Where organisations stall on track

This context gap is where many organisations stumble in their AI journey. Enterprise knowledge is often notoriously difficult to activate, locked away in hundreds of disconnected systems and buried in unstructured formats like Slack messages, PDFs, meeting recordings, and support tickets. With the average enterprise juggling over 897 applications, 71% of which are disconnected, it’s no wonder agents struggle to get a full picture of the business, let alone offer useful or trusted outputs.

Data silos mean there's no single source of truth. Without it, agents can't reason effectively, understand nuance, or make confident, informed decisions. Instead, they risk making superficial or even incorrect choices, which erodes trust and limits their ability to drive real value.

The power of unified data

The only way for agentic AI to truly succeed is to connect all of this disparate data and infuse it with real-world business context. When AI agents have access to the full picture, they’re able to act more intelligently, adapt to dynamic scenarios, and deliver meaningful outputs.

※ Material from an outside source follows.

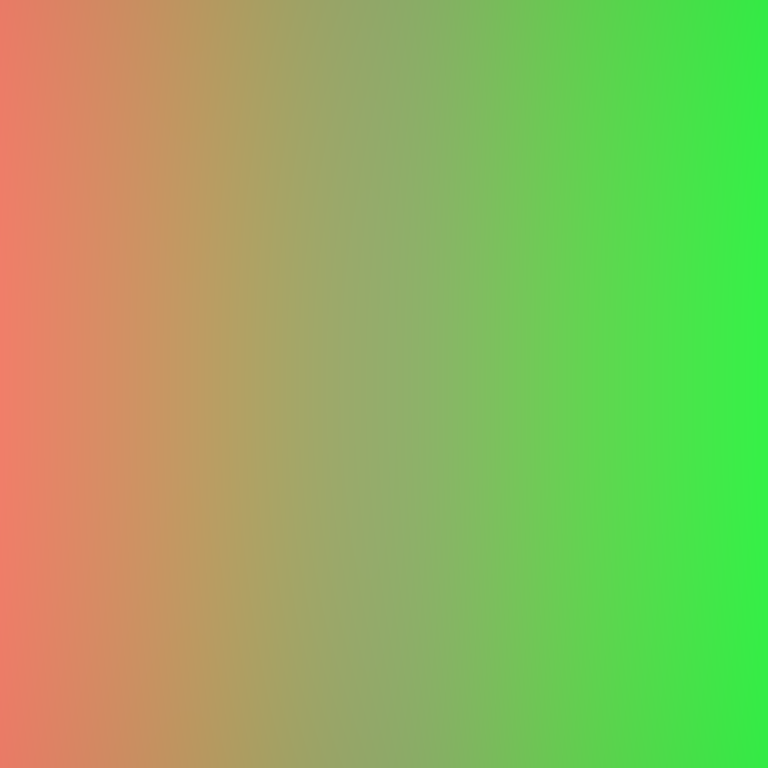
Abstract light effect, smooth gradient from soft coral to bright green, calm atmosphere, diffuse light, no room, no furniture, no objects.

Platforms like Salesforce Data Cloud connect both structured and unstructured data sources into one unified, integrated platform. Its zero copy technology allows organisations to access and query their data in real-time, without the need to extract, transform, and load their data across multiple sources – a process which can be costly and time-consuming. All of this data grounds Agentforce, Salesforce’s suite of AI agent tools. It ensures that AI agents are grounded in all your business data, while providing robust security, governance, and compliance.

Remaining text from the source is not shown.